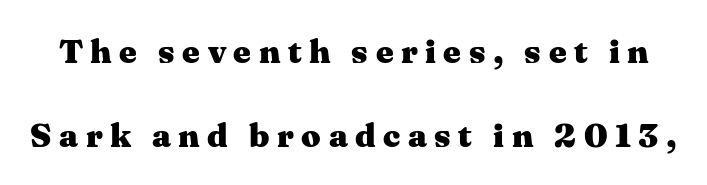
{"serif": "yes", "italic": "no", "bold": "yes", "weight": "heavy", "width": "wide", "stroke_contrast": "medium", "x_height": "medium", "monospaced": "no", "underline": "no", "line_spacing": "loose", "line_spacing_ratio": 2.47, "letter_spacing": "wide", "letter_spacing_em": 0.22, "glyph_px": 34}
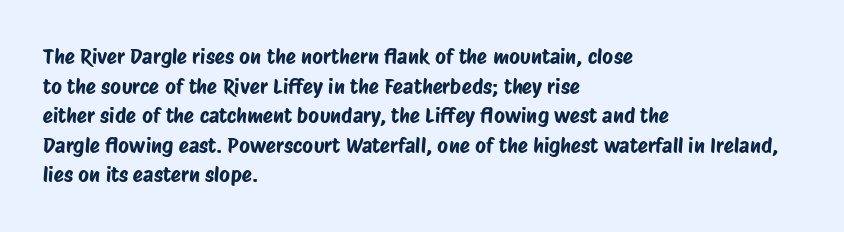
{"underline": "no", "align": "left", "line_spacing": "normal", "line_spacing_ratio": 1.41, "letter_spacing": "normal", "letter_spacing_em": 0.0, "glyph_px": 21}
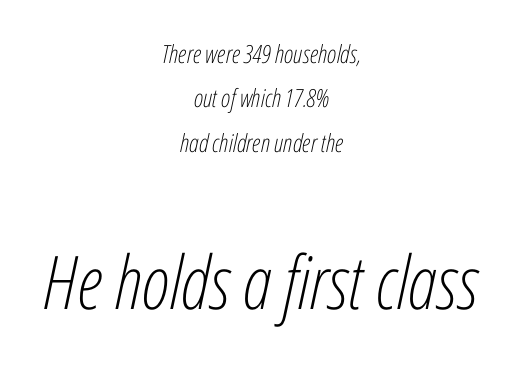
If you folded the block vertically in half, each line would mirror itself in length. The following chunk of copy outweighs the initial chunk in type size. The area under the type is left untouched. The rendering keeps characters at their native spacing. The lettering tilts uniformly, giving the passage an italic look. The typesetting does not lean heavy: it is not bold.
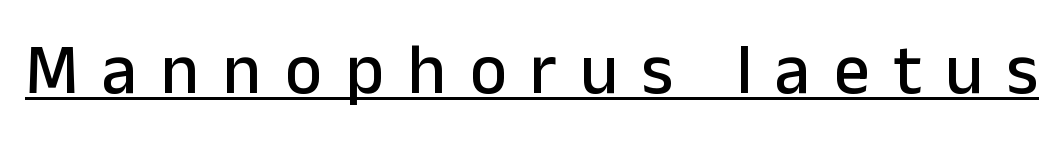
Q: Is the text italic (slanted)? A: No, it is upright.
Q: Is the typeface a serif or a sans-serif typeface? A: Sans-serif.
Q: Is the text underlined? A: Yes.
Q: Is the spacing between letters normal or unusually wide? A: Unusually wide.
Q: Width (condensed, normal, or wide)? A: Normal.
Q: Stroke contrast? A: Low.
Q: x-height? A: Medium.
Q: Monospaced? A: No.

──────────

▸ **WHAT IS EXPECTED**: The line that contains "If you folded" begins the part to retype, and the last line of the records above ends it. Retype both and everything between, exactly, without the pictures.

▸ **SOLUTION**:
If you folded the block vertically in half, each line would mirror itself in length. The following chunk of copy outweighs the initial chunk in type size. The area under the type is left untouched. The rendering keeps characters at their native spacing. The lettering tilts uniformly, giving the passage an italic look. The typesetting does not lean heavy: it is not bold.
Q: Is the text italic (slanted)? A: No, it is upright.
Q: Is the typeface a serif or a sans-serif typeface? A: Sans-serif.
Q: Is the text underlined? A: Yes.
Q: Is the spacing between letters normal or unusually wide? A: Unusually wide.
Q: Width (condensed, normal, or wide)? A: Normal.
Q: Stroke contrast? A: Low.
Q: x-height? A: Medium.
Q: Monospaced? A: No.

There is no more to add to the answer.